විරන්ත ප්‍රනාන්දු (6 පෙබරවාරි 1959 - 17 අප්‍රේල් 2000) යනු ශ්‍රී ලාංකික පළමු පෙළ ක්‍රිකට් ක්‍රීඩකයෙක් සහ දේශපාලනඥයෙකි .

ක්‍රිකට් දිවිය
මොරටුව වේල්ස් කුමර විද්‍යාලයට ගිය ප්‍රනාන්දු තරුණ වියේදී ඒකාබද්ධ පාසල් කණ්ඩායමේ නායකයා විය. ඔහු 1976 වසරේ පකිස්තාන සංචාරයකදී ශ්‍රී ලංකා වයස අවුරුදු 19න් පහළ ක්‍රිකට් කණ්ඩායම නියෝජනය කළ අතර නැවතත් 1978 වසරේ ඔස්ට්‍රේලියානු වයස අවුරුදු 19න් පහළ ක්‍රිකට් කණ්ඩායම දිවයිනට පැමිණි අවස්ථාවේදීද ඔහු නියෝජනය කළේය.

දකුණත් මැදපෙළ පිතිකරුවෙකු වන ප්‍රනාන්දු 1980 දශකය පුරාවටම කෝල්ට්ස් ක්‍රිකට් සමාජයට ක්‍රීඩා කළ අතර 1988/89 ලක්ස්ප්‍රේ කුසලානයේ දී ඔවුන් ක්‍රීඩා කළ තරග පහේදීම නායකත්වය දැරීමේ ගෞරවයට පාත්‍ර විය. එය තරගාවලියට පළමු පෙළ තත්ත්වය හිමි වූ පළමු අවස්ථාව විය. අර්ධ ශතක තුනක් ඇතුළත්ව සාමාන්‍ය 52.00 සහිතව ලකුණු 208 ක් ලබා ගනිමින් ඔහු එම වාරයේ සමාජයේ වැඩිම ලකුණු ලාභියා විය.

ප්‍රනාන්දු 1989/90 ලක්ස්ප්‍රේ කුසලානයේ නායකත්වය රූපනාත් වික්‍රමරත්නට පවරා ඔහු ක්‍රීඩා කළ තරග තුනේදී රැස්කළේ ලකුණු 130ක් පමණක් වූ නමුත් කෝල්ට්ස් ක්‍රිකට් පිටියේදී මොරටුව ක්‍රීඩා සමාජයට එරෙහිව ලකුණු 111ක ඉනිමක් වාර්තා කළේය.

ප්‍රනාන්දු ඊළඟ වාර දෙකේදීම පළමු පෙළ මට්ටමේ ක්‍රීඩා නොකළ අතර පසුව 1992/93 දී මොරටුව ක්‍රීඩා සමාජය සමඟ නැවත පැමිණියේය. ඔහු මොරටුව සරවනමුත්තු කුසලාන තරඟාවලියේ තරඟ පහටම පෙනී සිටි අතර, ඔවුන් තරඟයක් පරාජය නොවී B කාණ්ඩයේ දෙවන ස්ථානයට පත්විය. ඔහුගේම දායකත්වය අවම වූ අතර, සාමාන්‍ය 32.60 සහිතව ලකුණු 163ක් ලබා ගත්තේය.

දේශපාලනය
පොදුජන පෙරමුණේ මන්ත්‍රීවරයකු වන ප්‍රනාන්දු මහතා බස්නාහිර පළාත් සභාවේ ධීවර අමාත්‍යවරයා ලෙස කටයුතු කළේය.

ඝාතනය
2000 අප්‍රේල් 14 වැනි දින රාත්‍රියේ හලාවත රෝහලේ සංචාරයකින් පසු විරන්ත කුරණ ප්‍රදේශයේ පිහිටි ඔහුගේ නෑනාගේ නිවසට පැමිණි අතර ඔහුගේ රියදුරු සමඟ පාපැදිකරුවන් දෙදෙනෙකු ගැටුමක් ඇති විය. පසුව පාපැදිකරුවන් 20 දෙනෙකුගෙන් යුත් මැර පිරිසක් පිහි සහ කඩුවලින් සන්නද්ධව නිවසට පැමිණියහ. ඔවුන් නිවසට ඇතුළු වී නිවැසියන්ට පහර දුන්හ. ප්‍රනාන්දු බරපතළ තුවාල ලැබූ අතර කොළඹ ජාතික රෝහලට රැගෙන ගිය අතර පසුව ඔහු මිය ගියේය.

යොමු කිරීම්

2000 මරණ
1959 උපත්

▸ **Assigned task**
Return, with no change at all, every line in the entries above from the line containing "පොදුජන පෙරමුණේ මන්ත්‍රීවරයකු" through the line containing "2000 අප්‍රේල් 14".

▸ **Exercise solution**
පොදුජන පෙරමුණේ මන්ත්‍රීවරයකු වන ප්‍රනාන්දු මහතා බස්නාහිර පළාත් සභාවේ ධීවර අමාත්‍යවරයා ලෙස කටයුතු කළේය.

ඝාතනය
2000 අප්‍රේල් 14 වැනි දින රාත්‍රියේ හලාවත රෝහලේ සංචාරයකින් පසු විරන්ත කුරණ ප්‍රදේශයේ පිහිටි ඔහුගේ නෑනාගේ නිවසට පැමිණි අතර ඔහුගේ රියදුරු සමඟ පාපැදිකරුවන් දෙදෙනෙකු ගැටුමක් ඇති විය. පසුව පාපැදිකරුවන් 20 දෙනෙකුගෙන් යුත් මැර පිරිසක් පිහි සහ කඩුවලින් සන්නද්ධව නිවසට පැමිණියහ. ඔවුන් නිවසට ඇතුළු වී නිවැසියන්ට පහර දුන්හ. ප්‍රනාන්දු බරපතළ තුවාල ලැබූ අතර කොළඹ ජාතික රෝහලට රැගෙන ගිය අතර පසුව ඔහු මිය ගියේය.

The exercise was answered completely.